Today my firstborn child turns 11. I don't know how to articulate how his entrance into this world affected me. I always wanted to be a Mom, but I never could have foreseen what an incredible journey Motherhood would be. And during the sleepless nights, the colic, and the somewhat irrational fear of SIDS, I would never have guessed that the baby stuff was the easy part.

He was born at 35 weeks. They prepared me for the worst, but he was born strong and healthy, breathing on his own, and able to latch on with no problems. He weighed 5 lbs., 14 oz. and was 21 inches long. For a 35 weeker, he was pretty big, and all the doctors and nurses exclaimed over his size. He was my baby and I loved him, but to me he looked a little like a plucked chicken. His arms and legs were impossibly skinny, and since he hadn't had the opportunity to put down a healthy layer of fat in utero, his skin kind of bagged and wrinkled like too big pantyhose. Since I labored for 24 hours, his poor little head had been molded into a bullet shaped mound covered in soft, dark hair. The hospital issue knit cap would not stay upon his poor misshapen skull, though I tried repeatedly to stretch it down over his pointed pate. It would simply shoot off and sail accross the room; a powder blue projectile that did little damage, but caused lots of snickers among the hospital staff.

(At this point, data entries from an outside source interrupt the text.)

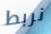
نربط
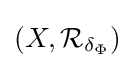
(X,{\mathcal {R}}_{\delta _{\Phi }})
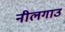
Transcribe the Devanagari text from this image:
नीलगाउ
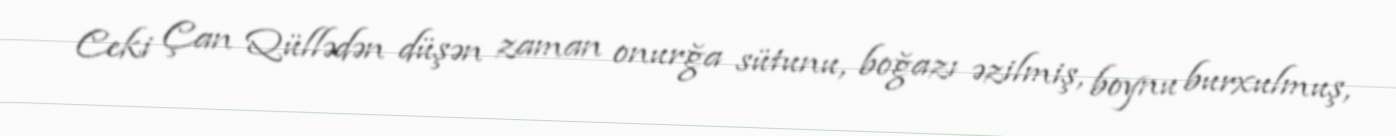
Ceki Çan Qüllədən düşən zaman onurğa sütunu, boğazı əzilmiş, boynu burxulmuş,
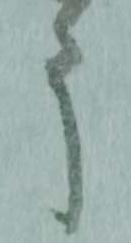
う
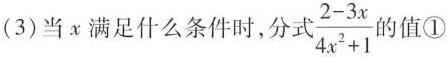
(3)当χ满足什么条件时，分\frac{2-3x}{4x^{2}+1}的值①
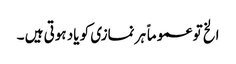
الخ تو عموماً ہر نمازی کو یاد ہوتی ہیں ۔
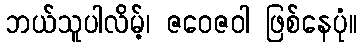
ဘယ်သူပါလိမ့်၊ ဇဝေဇဝါ ဖြစ်နေပုံ။
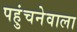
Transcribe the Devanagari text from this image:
पहुंचनेवाला
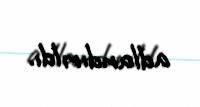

After a couple weeks of breastfeeding, he prettied up, and I marvelled at how rounded and rosy his cheeks had become, and how his little knees dimpled. I was inordinantly proud of the fact that MY breastmilk had wrought the change in him. At his two weeks checkup, he had gained a full three pounds, which the pediatrician was very pleased with. Because of his prematurity, I had been given strict instruction to nurse him every two hours without fail, even if I had to wake him to do so. I took this very seriously and so, for two weeks, I did not sleep more than two hours at a time. So I couldn't help but feel as if I had passed some kind of test, and I beamed with ill-concealed pride when the Pediatrician complimented me on a job well done. It was then that I started to believe I could in fact, adequately care for my new baby, and that maybe it hadn't been a grievous mistake to allow me to leave the hospital with him.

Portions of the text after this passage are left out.